In my admittedly brief and untrained experience with poetry, what strikes me most about it is its ability to invite the reader in. When read carefully and deliberately, I feel as if I’m communing with the poet. Devin Johnston creates exactly this atmosphere. While reading these poems, I was at least seeing what Johnston is writing about, and at their best (some of my favorites were The Clyde, Geode, Circle Line: London, and Turned Loose), I felt like I was experiencing them.
This is the kind of poetry that makes me look up word meanings and pronunciations, words like "transumption" and "metonymical". And, like those words, I don't really grasp the meaning of many of these poems but I adore saying the words out loud. Many of these poems evoke such vivid imagery of mundane scenes like an afterschool afternoon and they do so beautifully.
Those ferns on the cover, deep shadows and saturated green — that’s what got me to pick this one up. I wanted to like this collection of nature-poetry much more than I actually did.
These poems are primarily descriptive — and therein might be what kept me from loving them. They’re not overly stocked with imagery, or even lengthy. They just detail things: often birds, or pastoral scenes. But at the end of the poem they usually just stay where they are on the page, without rising at all to take me into uncharted or unexpected territory.
One poem that veered from the theme was called Strangers. I appreciated its honesty, the way it pinned down the uncomfortable feeling of ending up on a plane next to someone who you think you’ll have little in common with. You make judgments quickly, but as it turns out, those reveal themselves as not at all correct. I was with Johnston for this poem until the line, presumptuous: “What would such scraps mean to her?” We go from the beginning of the poem with a haughty narrator-poet, skimming an Audubon guide, to a moment where the narrator bridges a gulf riven by class (an opportunity that planes often allow us) and sees this person who talks “too loudly on her phone” for more than what he thought she could be, back to a distance of criticism at the end. Perhaps this is the point of the poem — that our small class differences make us unreachable to so many others — but it felt like a misfire, and I was saddened by the opportunity squandered.

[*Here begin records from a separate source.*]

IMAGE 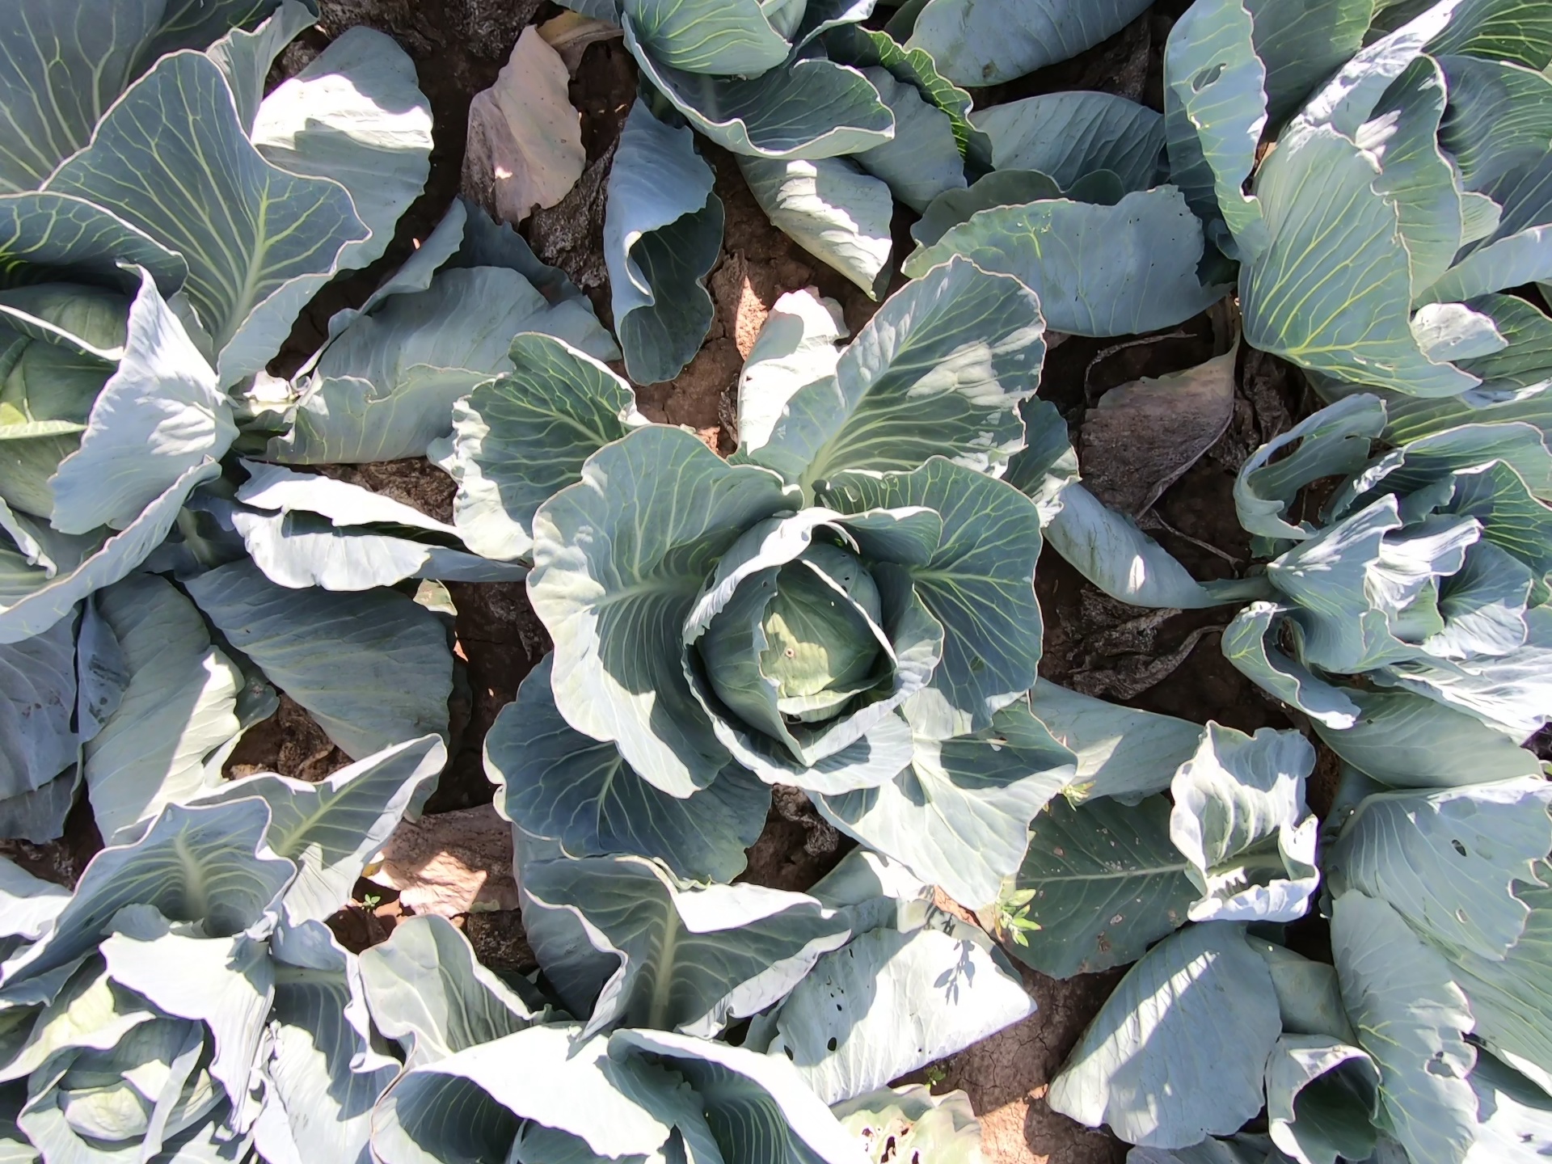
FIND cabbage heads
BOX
[712,539,884,717]
[2,285,184,516]
[656,0,808,60]
[513,1083,717,1160]
[1330,542,1444,644]
[44,961,248,1143]

There are some good ones in here, though: the poem Turned Loose is a lovely piece on the contradictions of parenting, of wanting to be free of the children when you’re with them but pining for their presence as soon as you’re back at the work the following week. And then the final one, Satin Bowerbird, is a great one for anyone who knows birds — the miraculous quirks of the bowerbird, who gathers found objects and arranges them according to color, is a perfect topic for a poem. As it closed the collection, it was a nice poem to land on in the end.
I'm new to poetry and, searching through book after book, I had a hard time finding a poem that I like. This book contains four that caught my fancy. My favorite poem is "Geode," and I memorized it on the spot. I also really like "Leaving Home."
Thoroughly enjoyable poems regarding the natural world, human interactions and ornithology. He would have had me at the ornithology. I also note that he is a local poet, although knowledge of my local region is hardly necessary to understanding the poetry, although it doesn't hurt.